Of course, ultimately you have to have some sort of root server. But in a distributed model, they could be essentially insulated from DOS attacks, because they just need to get the master list out to a few systems for it to propagate all over. There could be a redundant distribution mechanism whereby the root servers send the list out through normal channels, but also send it to some randomly selected servers by phone call as a backup. At that stage hosing the root servers (or more accurately their connections, I doubt anyone is gonna ping one of those things to lockup) would not only be difficult and dangerous, but pointless. You cut off its connection via the internet, but the list still gets out and immediately spreads to so many DNS servers you couldn't possibly shut them all down, and you would have to shut down most of the world's DNS servers to have any impact on users.
Ultimately it wouldn't change things too much, since we're already pretty insulated from these attacks. But it does have a nice "just in case" factor to prevent some megaworm or Y2k-style OS-pervasive glitch from knocking us on our butts. And it would take the wind out of the sails for a bunch of the script kiddies (and the odd genuine hacker) out there trying to crash the net, which is almost worht it in and of itself.
Here's a quick overview I found: http://www.pch.net/documents/tutorials/ipv4-anycas t/ipv4-anycast.ppt
Now if we can just get all or most of the root-servers and gtld-servers moved to anycast, then there should be at least minor performance gains, and fairly large stability/resilience-to-DOS gains.
Pound! Bang! Bin! Bash! is this a shell script or a Batman comic?
So as the battle weary sys admins from UltraDNS finally get back home from fighting a DDOS attack....
Phone rings.
"Bob, the web server is under attack again, and this one's coming from all around the globe. Game over man, game over."
Slashdot's a bitch.
Yep, the Weekly World News, home of Bat Boy and "Iraqi Submarines Prowling Lake Michigan", has a giant headline in the issue I just saw at the checkout stand: TERRORIST PLOT TO BLOW UP INTERNET ON 1-11!"
The subheads are:
* Computer virus will destroy US economy!
* The US Military will be paralyzed!
* Electricity, food and water supplies vanish!
Clearly, we're ignoring these attacks at our own peril, when as technical a publication as the Weekly World News has picked up the story.
(Back to reality, I literally burst out laughing and almost dropped my Mountain Dew when I saw that headline. Blow up "The Internet". Sounds like my daughter's friends... they come over and ask if her computer "has the Internet on it". No, it doesn't, but it has *access* to the Internet. "Oh, you mean AOL?" Grrr...)
Stressed? Me? Of course not. Stress is what a rubber band feels before it breaks, silly.
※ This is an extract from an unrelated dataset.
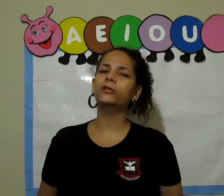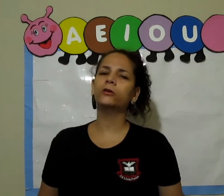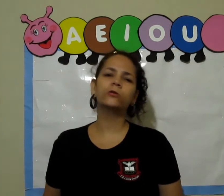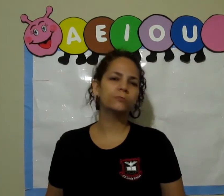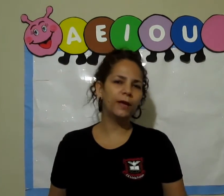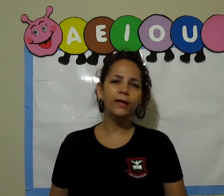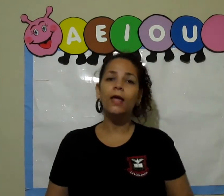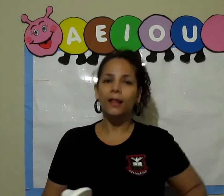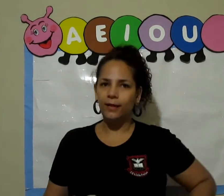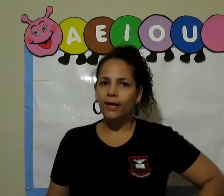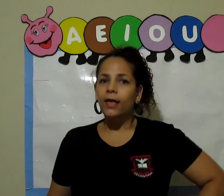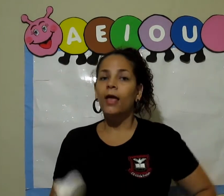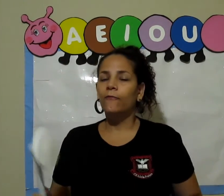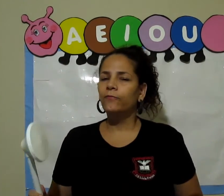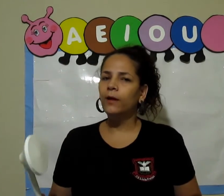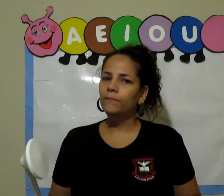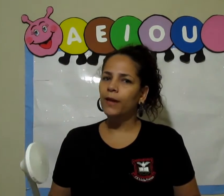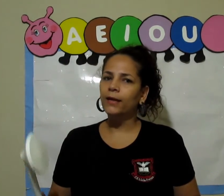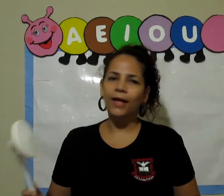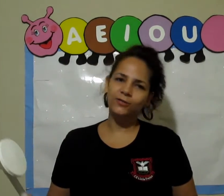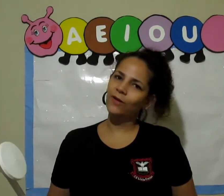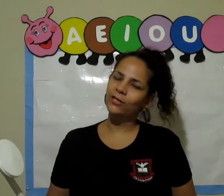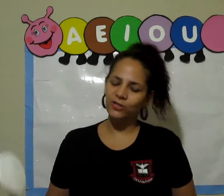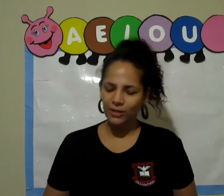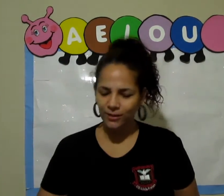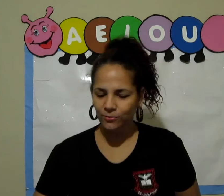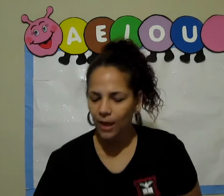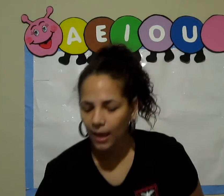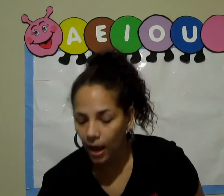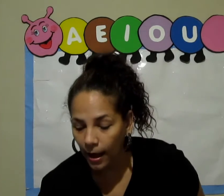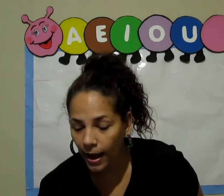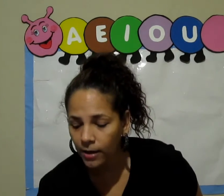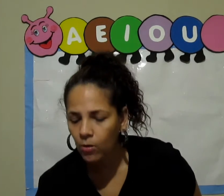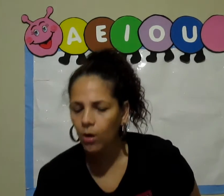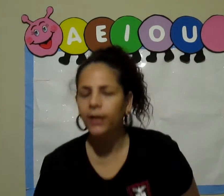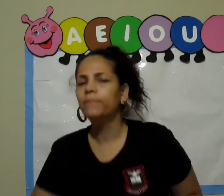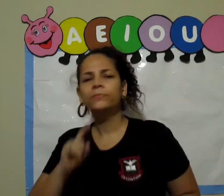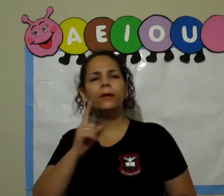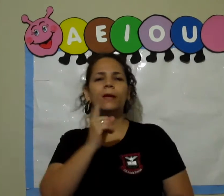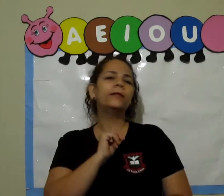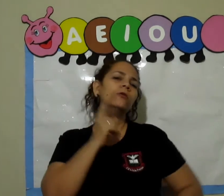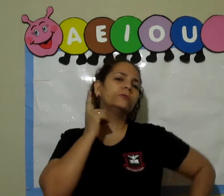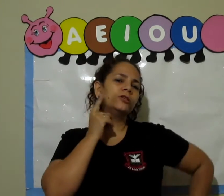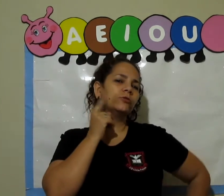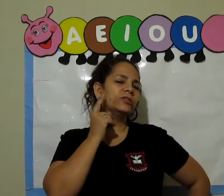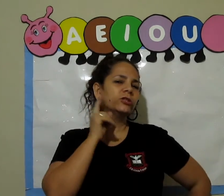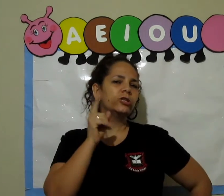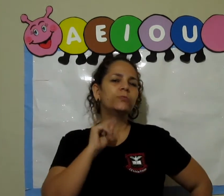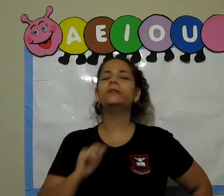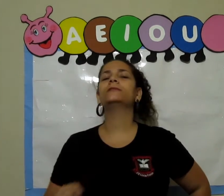cheiroso, bem, né, também é divertido. Agora, também tem outras coisas que a gente precisa

If you visualize the Internet as a graph where lines represent each communication link, each computer has various numbers of lines to its neighbors.
Usually the systems which have the most connections are shown on such a graph as being deep inside the web. Those which have only one connection, such as home computers and others which use one ISP, tend to be a frilly edge all around the web.
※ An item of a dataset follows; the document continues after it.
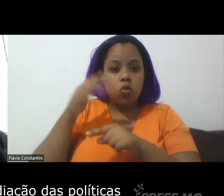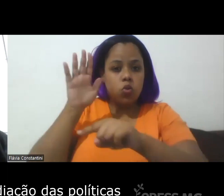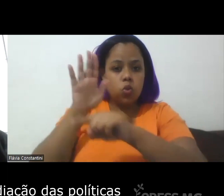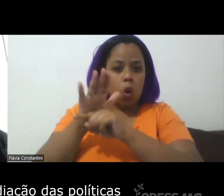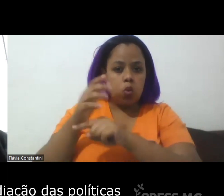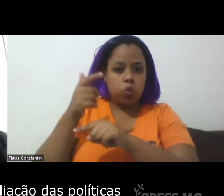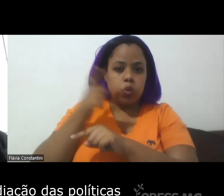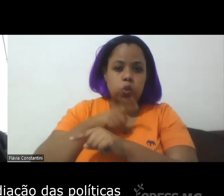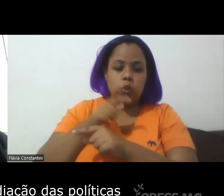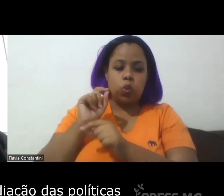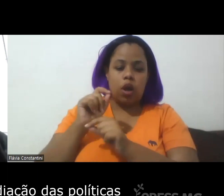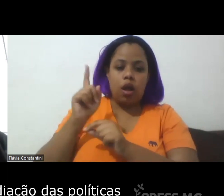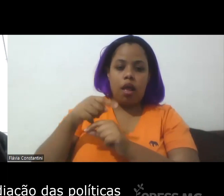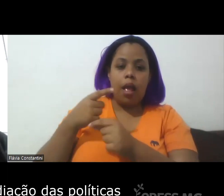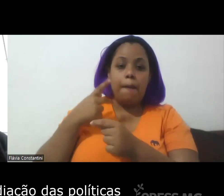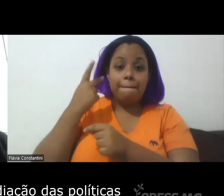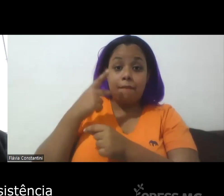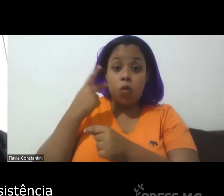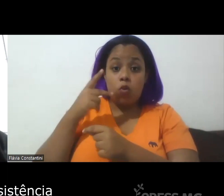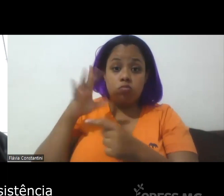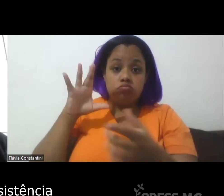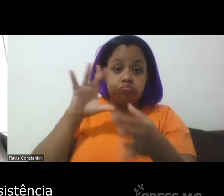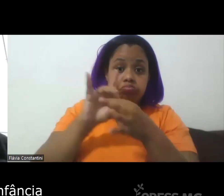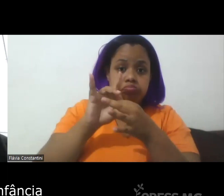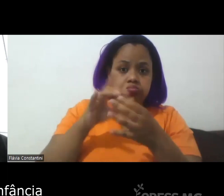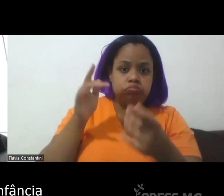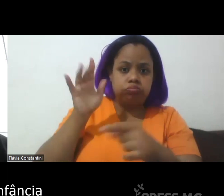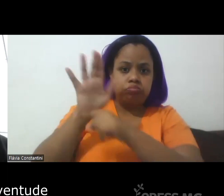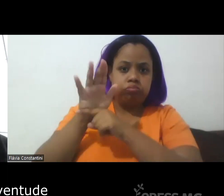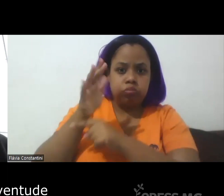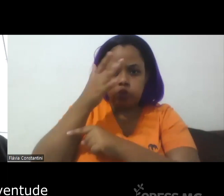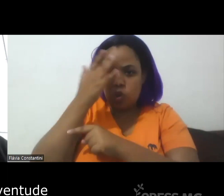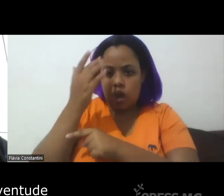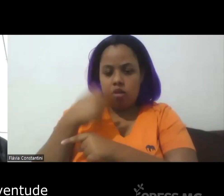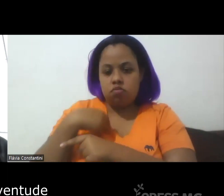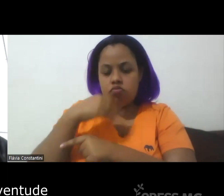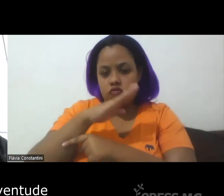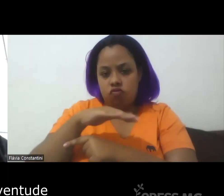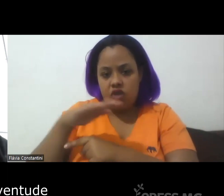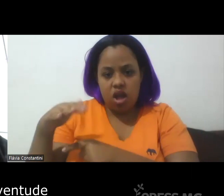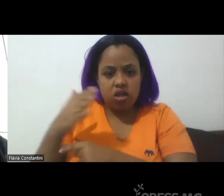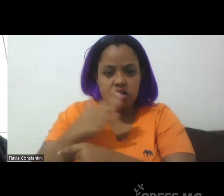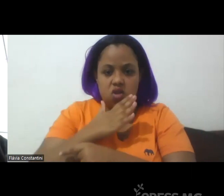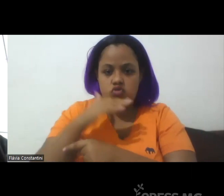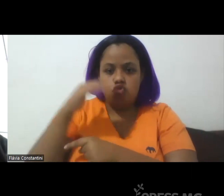mediação das políticas de assistência da infância e da juventude,

"Securing the edge" means protecting against misbehavior of servers around the edge, particularly servers other than communication devices inside ISPs. A common example is ingress filtering, where an ISP rejects packets from customers when the origin address (the computer's IP address) is not one of the ISP's addresses; this shouldn't happen because the ISP knows the proper addresses of its customers. Ingress filtering keeps "the edge" from sending in garbage.